July 5, 1981, 5 pm: Vera Frankel dies; an Irish nurse makes the sign of the cross over her body.
1980-1985: New York: The cold and the Upper West Side and the wind of the subway and Kenneth Koch’s poetry course and Arthur C. Danto’s philosophy course and roaches and rodents and “love” in the city’s dungeons and an angry father shouting on the phone and homework and papers and nights in Butler Library and weekends at Fire Island and nights at Tom’s Restaurant and Happy Burger and the Hungarian Pastry Shop and the sound of Fred Neuhouser’s voice—Neuhouser, the noted Hegel scholar…where is he now? What happened?
1985-1995: Barcelona. A teacher now. Cut my teeth in the sleazy language “academies,” ride a moped all day and all night, hobnob with revolutionaries and outcasts, speak my Spanish wittily but with an American accent, so that people ask, “Why did you come here and when are you leaving?” “Love,” this time in the dungeons of Spain. My first stories! My one Spanish friend: Alberto Garcia Mur. (What in God’s name has become of him? What happened?) Eileen Wieland, my psychoanalyst. Long sessions on the couch, Eileen in her chair behind me. I read much Freud and Proust.

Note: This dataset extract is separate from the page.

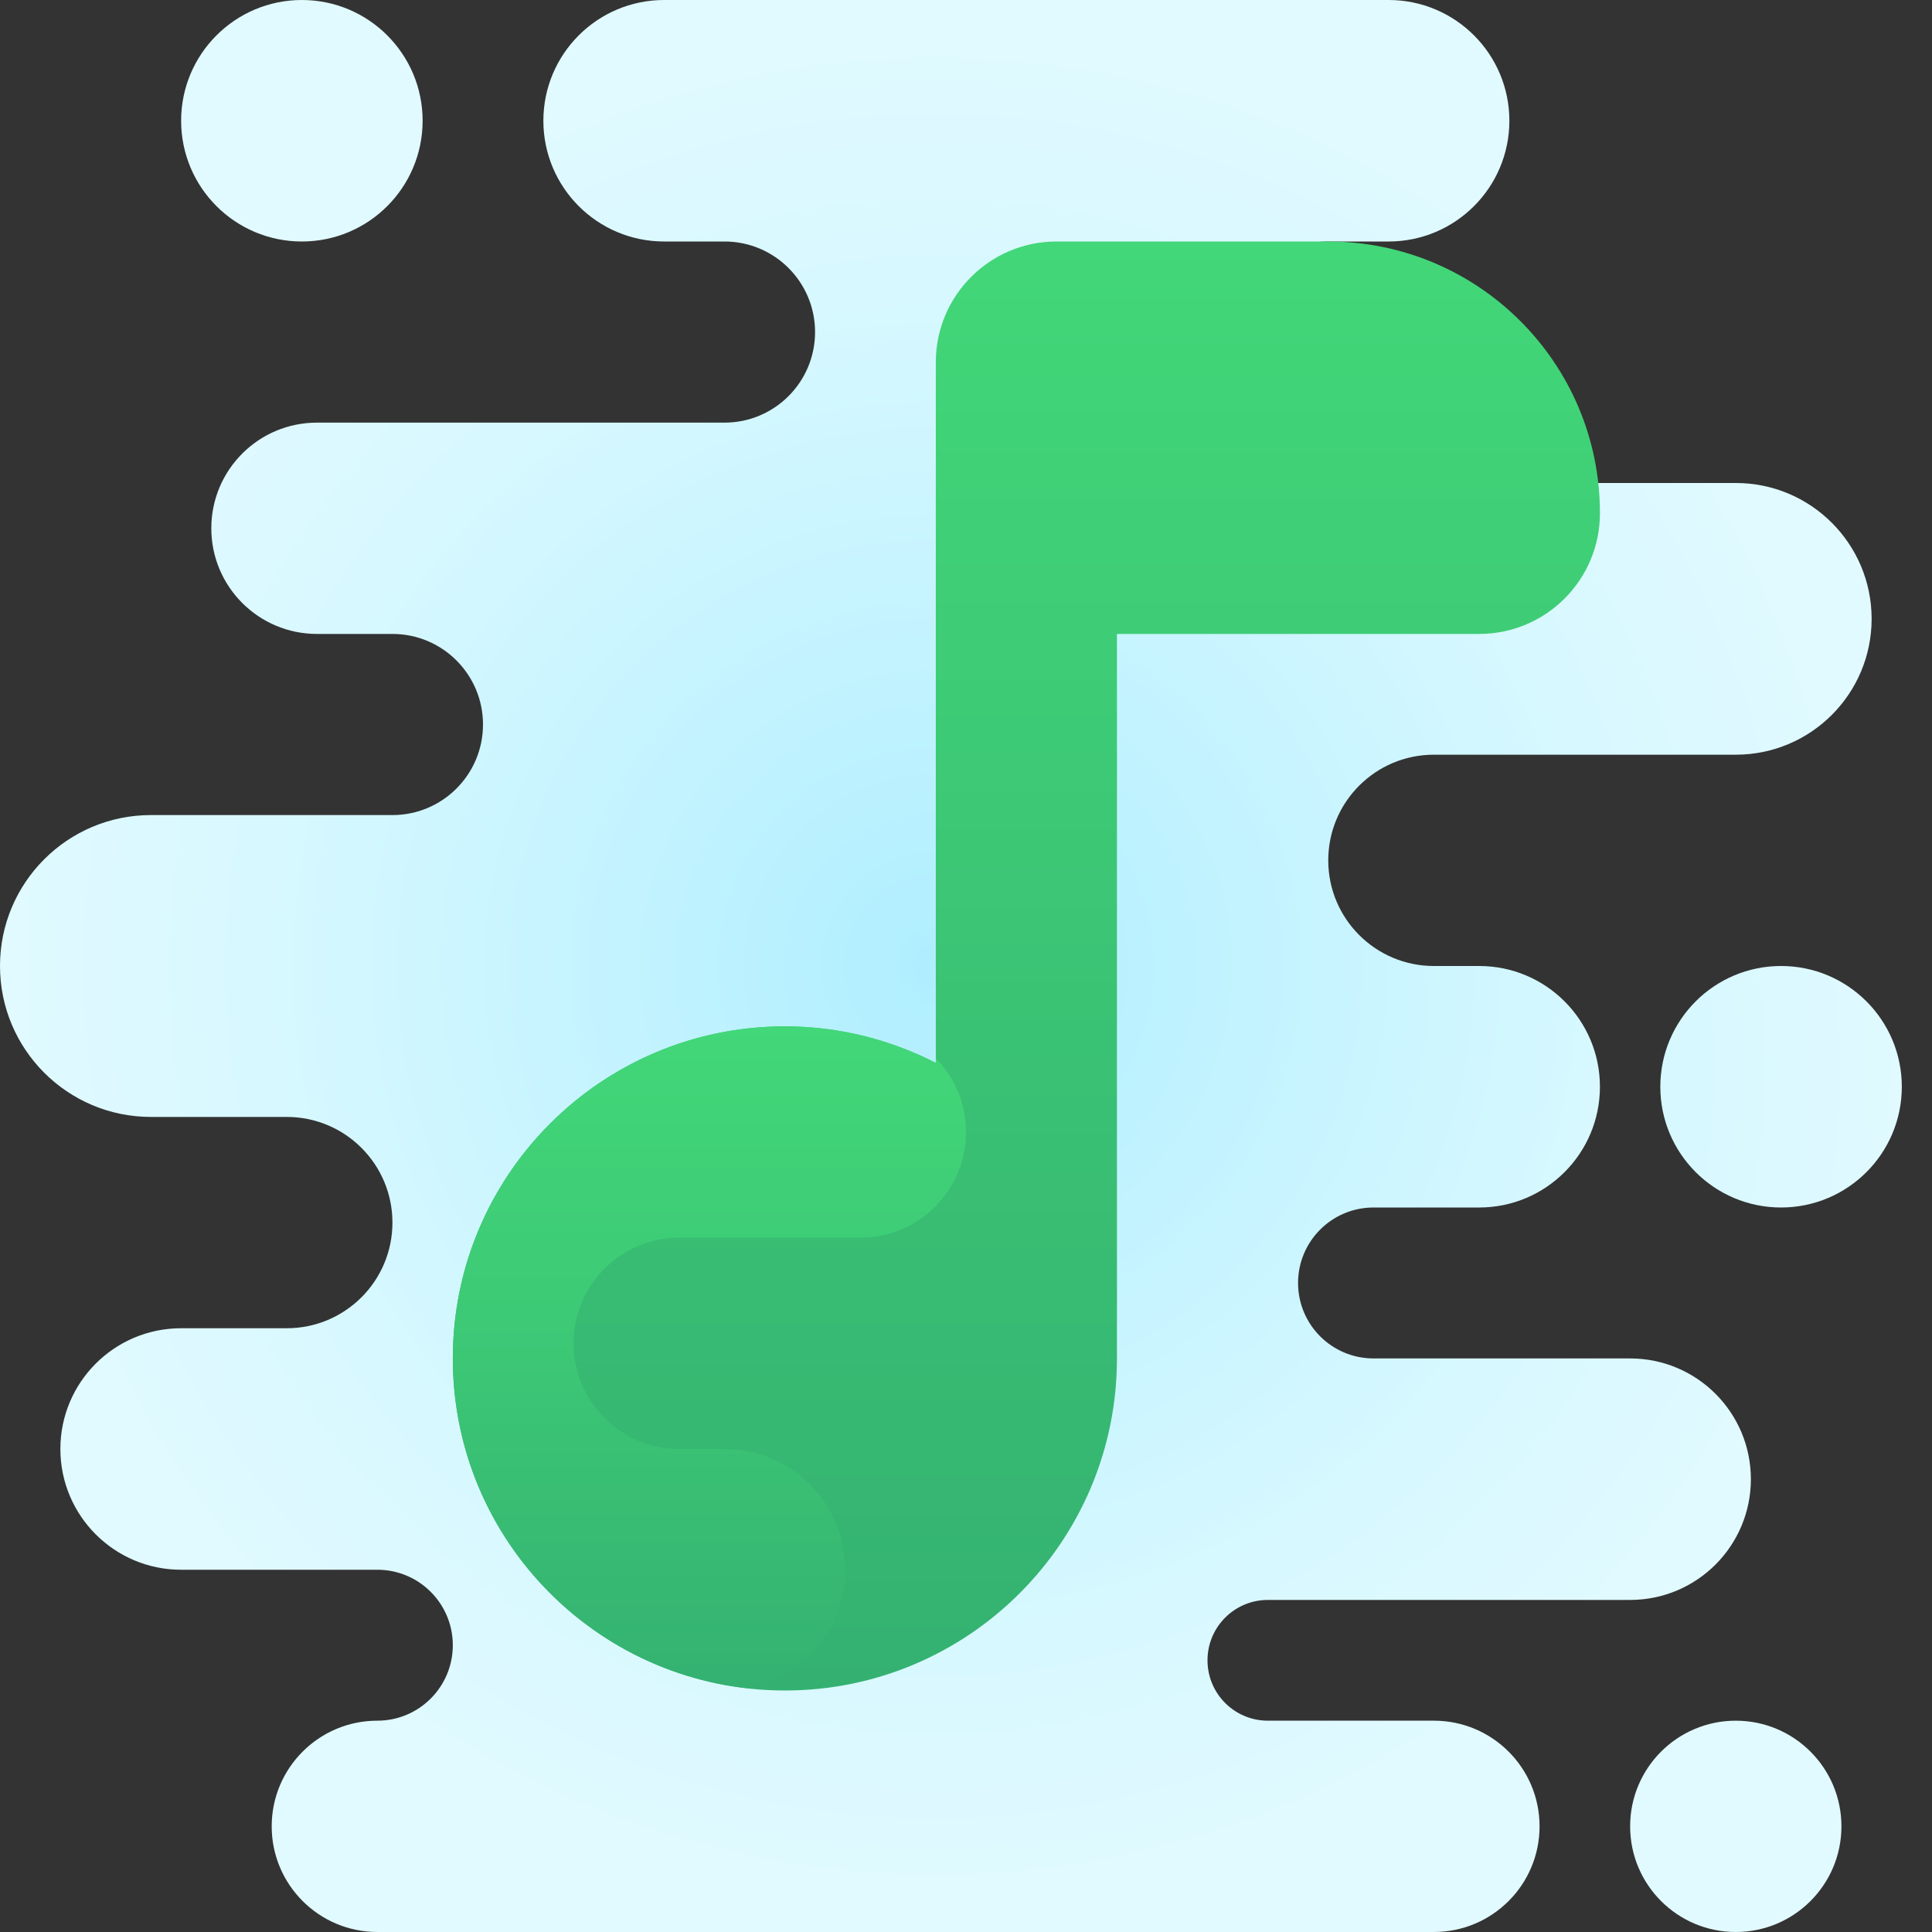<svg version="1.1" xmlns="http://www.w3.org/2000/svg" xmlns:xlink="http://www.w3.org/1999/xlink" viewBox="0 0 226 226"><rect x="0" y="0" width="226" height="226" fill="#333333" stroke="none"/><defs><radialGradient cx="130.067" cy="126.832" r="91.812" gradientUnits="userSpaceOnUse" id="color-1"><stop offset="0" stop-color="#afeeff"></stop><stop offset="0.193" stop-color="#bbf1ff"></stop><stop offset="0.703" stop-color="#d7f8ff"></stop><stop offset="1" stop-color="#e1faff"></stop></radialGradient><radialGradient cx="287.504" cy="105.644" r="101.594" gradientUnits="userSpaceOnUse" id="color-2"><stop offset="0" stop-color="#afeeff"></stop><stop offset="0.193" stop-color="#bbf1ff"></stop><stop offset="0.703" stop-color="#d7f8ff"></stop><stop offset="1" stop-color="#e1faff"></stop></radialGradient><radialGradient cx="109.469" cy="113" r="111.249" gradientUnits="userSpaceOnUse" id="color-3"><stop offset="0" stop-color="#afeeff"></stop><stop offset="0.193" stop-color="#bbf1ff"></stop><stop offset="0.703" stop-color="#d7f8ff"></stop><stop offset="1" stop-color="#e1faff"></stop></radialGradient><radialGradient cx="126.832" cy="125.066" r="98.656" gradientUnits="userSpaceOnUse" id="color-4"><stop offset="0" stop-color="#afeeff"></stop><stop offset="0.193" stop-color="#bbf1ff"></stop><stop offset="0.703" stop-color="#d7f8ff"></stop><stop offset="1" stop-color="#e1faff"></stop></radialGradient><linearGradient x1="120.062" y1="28.25" x2="120.062" y2="197.75" gradientUnits="userSpaceOnUse" id="color-5"><stop offset="0" stop-color="#42d778"></stop><stop offset="0.996" stop-color="#34b171"></stop><stop offset="1" stop-color="#34b171"></stop></linearGradient><linearGradient x1="82.984" y1="120.062" x2="82.984" y2="197.482" gradientUnits="userSpaceOnUse" id="color-6"><stop offset="0" stop-color="#42d778"></stop><stop offset="0.428" stop-color="#3dca76"></stop><stop offset="1" stop-color="#34b171"></stop></linearGradient></defs><g fill="none" fill-rule="nonzero" stroke="none" stroke-width="1" stroke-linecap="butt" stroke-linejoin="miter" stroke-miterlimit="10" stroke-dasharray="" stroke-dashoffset="0" font-family="none" font-weight="none" font-size="none" text-anchor="none" style="mix-blend-mode: normal"><path d="M0,226v-226h226v226z" fill="none"></path><g><path d="M35.312,28.25v0c7.801,0 14.125,-6.324 14.125,-14.125v0c0,-7.801 -6.324,-14.125 -14.125,-14.125v0c-7.801,0 -14.125,6.324 -14.125,14.125v0c0,7.801 6.324,14.125 14.125,14.125z" fill="url(#color-1)"></path><path d="M203.047,226v0c6.826,0 12.359,-5.533 12.359,-12.359v0c0,-6.826 -5.533,-12.359 -12.359,-12.359v0c-6.826,0 -12.359,5.533 -12.359,12.359v0c0,6.826 5.533,12.359 12.359,12.359z" fill="url(#color-2)"></path><path d="M218.938,72.391v0c0,-8.775 -7.115,-15.891 -15.891,-15.891h-47.672c-7.801,0 -14.125,-6.324 -14.125,-14.125v0c0,-7.801 6.324,-14.125 14.125,-14.125h7.062c7.801,0 14.125,-6.324 14.125,-14.125v0c0,-7.801 -6.324,-14.125 -14.125,-14.125h-84.75c-7.801,0 -14.125,6.324 -14.125,14.125v0c0,7.801 6.324,14.125 14.125,14.125h7.062c5.851,0 10.594,4.742 10.594,10.594v0c0,5.851 -4.742,10.594 -10.594,10.594h-47.672c-6.826,0 -12.359,5.533 -12.359,12.359v0c0,6.826 5.533,12.359 12.359,12.359h8.828c5.851,0 10.594,4.742 10.594,10.594v0c0,5.851 -4.742,10.594 -10.594,10.594h-28.25c-9.75,0 -17.656,7.906 -17.656,17.656v0c0,9.75 7.906,17.656 17.656,17.656h15.891c6.826,0 12.359,5.533 12.359,12.359v0c0,6.826 -5.533,12.359 -12.359,12.359h-12.359c-7.801,0 -14.125,6.324 -14.125,14.125v0c0,7.801 6.324,14.125 14.125,14.125h22.953c4.877,0 8.828,3.951 8.828,8.828v0c0,4.877 -3.951,8.828 -8.828,8.828v0c-6.826,0 -12.359,5.533 -12.359,12.359v0c0,6.826 5.533,12.359 12.359,12.359h123.594c6.826,0 12.359,-5.533 12.359,-12.359v0c0,-6.826 -5.533,-12.359 -12.359,-12.359h-19.422c-3.902,0 -7.062,-3.16 -7.062,-7.062v0c0,-3.902 3.16,-7.062 7.062,-7.062h42.375c7.801,0 14.125,-6.324 14.125,-14.125v0c0,-7.801 -6.324,-14.125 -14.125,-14.125h-30.016c-4.877,0 -8.828,-3.951 -8.828,-8.828v0c0,-4.877 3.951,-8.828 8.828,-8.828h12.359c7.801,0 14.125,-6.324 14.125,-14.125v0c0,-7.801 -6.324,-14.125 -14.125,-14.125h-5.297c-6.826,0 -12.359,-5.533 -12.359,-12.359v0c0,-6.826 5.533,-12.359 12.359,-12.359h35.312c8.775,0 15.891,-7.115 15.891,-15.891z" fill="url(#color-3)"></path><path d="M208.344,141.25v0c-7.801,0 -14.125,-6.324 -14.125,-14.125v0c0,-7.801 6.324,-14.125 14.125,-14.125v0c7.801,0 14.125,6.324 14.125,14.125v0c0,7.801 -6.324,14.125 -14.125,14.125z" fill="url(#color-4)"></path><g><path d="M155.375,28.25h-24.719h-7.062c-7.801,0 -14.125,6.324 -14.125,14.125v31.781v50.179c-5.3,-2.712 -11.293,-4.273 -17.656,-4.273c-21.452,0 -38.844,17.391 -38.844,38.844c0,21.452 17.391,38.844 38.844,38.844c21.452,0 38.844,-17.391 38.844,-38.844v-84.75h42.375c7.801,0 14.125,-6.324 14.125,-14.125c0,-17.554 -14.227,-31.781 -31.781,-31.781z" fill="url(#color-5)"></path><path d="M52.969,158.906c0,19.959 15.061,36.386 34.433,38.575c6.533,-1.243 11.473,-6.964 11.473,-13.857c0,-7.801 -6.324,-14.125 -14.125,-14.125h-5.297c-6.826,0 -12.359,-5.533 -12.359,-12.359c0,-6.826 5.533,-12.359 12.359,-12.359h21.188c6.826,0 12.359,-5.533 12.359,-12.359c0,-3.362 -1.352,-6.402 -3.531,-8.63v0.547c-5.3,-2.716 -11.293,-4.276 -17.656,-4.276c-21.452,0 -38.844,17.391 -38.844,38.844z" fill="url(#color-6)"></path></g></g></g></svg>

December 25, 1990: At last I meet my birth parents, Frank and Marcia. While visiting California, I find out who I am.
1995: Return to America. I drive a Mercury Sable, courtesy of my father. “Love” continues, now in the dungeons of Los Angeles. I’m still a teacher. I rediscover poetry.
1995-present: Friends? Mary Trautmann, the poet; Mike Grieco, a solid mentor; and many more, especially from the Saturday workshop at Beyond Baroque. Robert C. Jameson has helped a great deal—what a good soul and healer. Along the way I change my name from Marcel J. Frankel to Alex M. Frankel.
2007: My birth mother and then my adoptive father, Henry Frankel, pass away within a few months of each other. My father leaves much of his fortune to an old gold digger, Rhoda Goldfarb. Hey Rhoda, when you croak can I please have all the bread that was meant for me, please?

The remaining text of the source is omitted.